When news broke this morning that Michael Flynn, former National Security Adviser, had pled guilty to lying to the FBI, was cooperating with the Mueller probe, and was prepared to testify that Trump ordered him to “contact the Russians,” the stock market dropped 350 points. Presumably  traders feared that Flynn’s cooperation would lead directly to impeachment proceedings and all the attendant governmental disruption and economic uncertainty.

After an hour or two, Wall Street’s pulse steadied and the market went back up. There is a lesson for the rest of us in this financial spasm.

First, Flynn’s decision to flip – to plead guilty to a felony violation of 18 U.S.C. 1001 and to enter a cooperation agreement with the government – is potentially a very big deal and potentially very bad news for Mr. Trump and those close to him.  Flynn was an early supporter of Mr. Trump, was a campaign insider, and was one of the first people to whom Trump publicly offered a position after the election. Flynn had extensive contacts with Russian officials, including Vladimir Putin, before he joined the Trump camp. We know, and Flynn has now officially admitted, that he had contact with high Russian officials such as Ambassador Sergey Kislyak after the election.

Therefore, if the Trump campaign was actively colluding with Russia to affect the 2016 election, it’s a fair bet that Flynn might know about such things. And that would be a big deal.

But this is the Trump campaign we’re talking about here.

In an ordinary presidential campaign, overtures to a traditionally hostile foreign power would be inconceivable. If such a thing  were to occur, it would only be after careful consultation by the candidate with his or her senior foreign policy advisers — which, for Trump, would have included Michael Flynn. But if we know anything about the “Trump campaign,” it is that it had none of the attributes of a normal campaign apparatus.  Little organization, no meaningful subject matter expertise, and no clear lines of authority.
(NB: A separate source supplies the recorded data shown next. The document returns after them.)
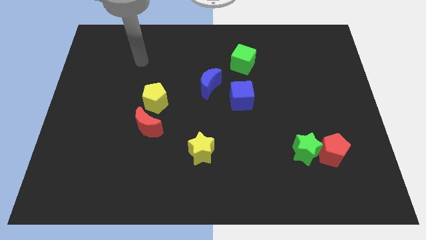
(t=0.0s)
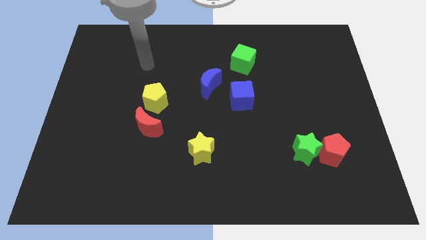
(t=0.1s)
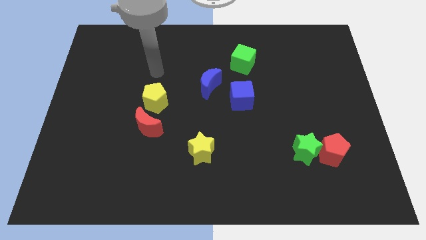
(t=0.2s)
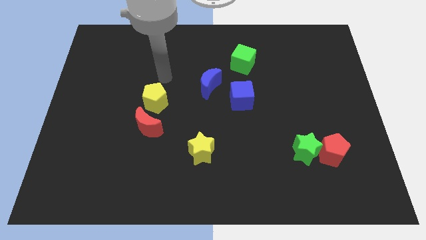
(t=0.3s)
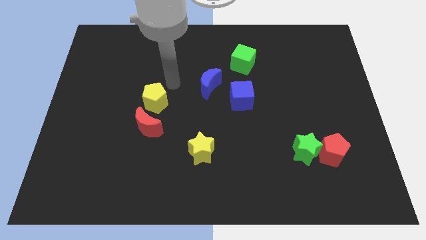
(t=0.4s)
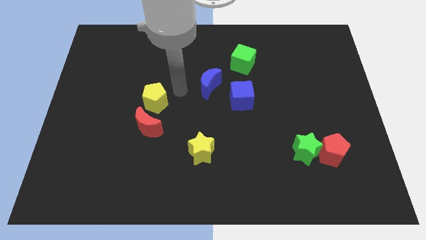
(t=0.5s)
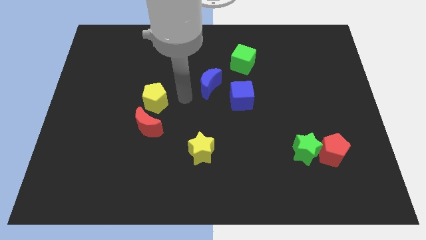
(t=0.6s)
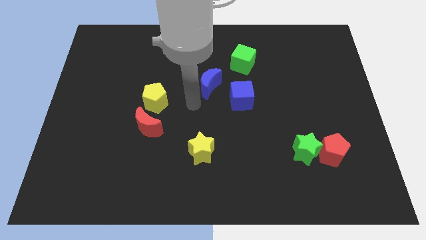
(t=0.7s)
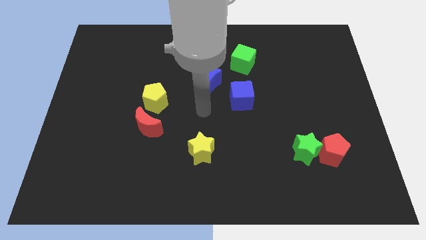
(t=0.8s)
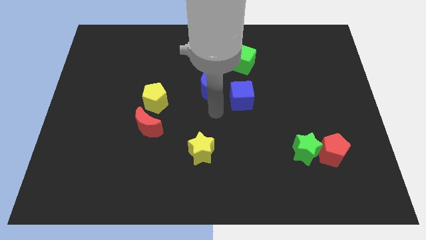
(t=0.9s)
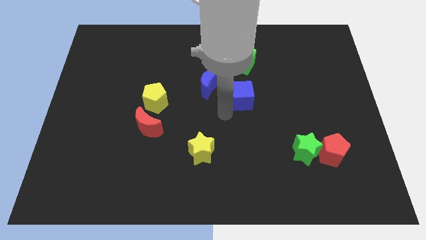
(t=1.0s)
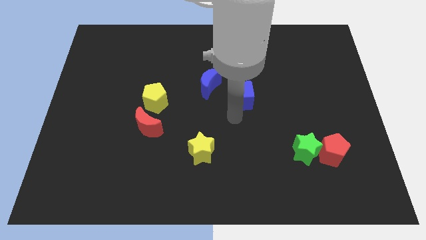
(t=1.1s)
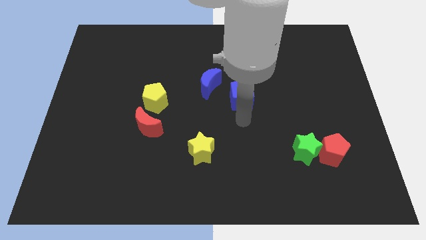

It was, at its core, just the Trump family and a ragtag of opportunistic second-raters, many of whom — notably Donald Trump, Jr., George Papadopoulos, and Carter Page — were prone to thoughtless freelancing in foreign policy matters far beyond their competence.

Therefore, even if some Trumpists were colluding with both hands, it’s entirely possible that Flynn would know nothing at all about it.

Indeed, among the many notable features of Flynn’s plea agreement and the accompanying statement of offense is the complete absence of any reference to any event prior to the November 2016 election. Flynn pleads guilty only to lying about contacts with the Russian ambassador in December 2016.  Additionally, in the statement of offense he admits to lying about December 2016 contacts with foreign officials (including Russians) concerning an Egyptian effort to secure UN Security Council condemnation of Israeli settlements, and about his lobbying work for the Turkish government.

Moreover, the report that spooked Wall Street — that Flynn will testify that Trump directed him to “contact the Russians”  — doubtless seemed earthshaking because people read it to mean that Trump directed Flynn to contact the Russians about influencing the election.  But that reading is not supported by the plea documents. Flynn admits that “a very senior member of the Presidential Transition Team” (later reported to have been Jared Kushner) directed Flynn to meddle in diplomacy on the Egypt-Israel Security Counsel resolution, after the election and before Trump took office.  If true, and even if Trump himself passed the instruction on to Flynn through Kushner (which seems quite probable), that’s extremely poor form in a president-elect, but without more I can’t see how it is either criminal (except under the never-enforced Logan Act) or impeachable.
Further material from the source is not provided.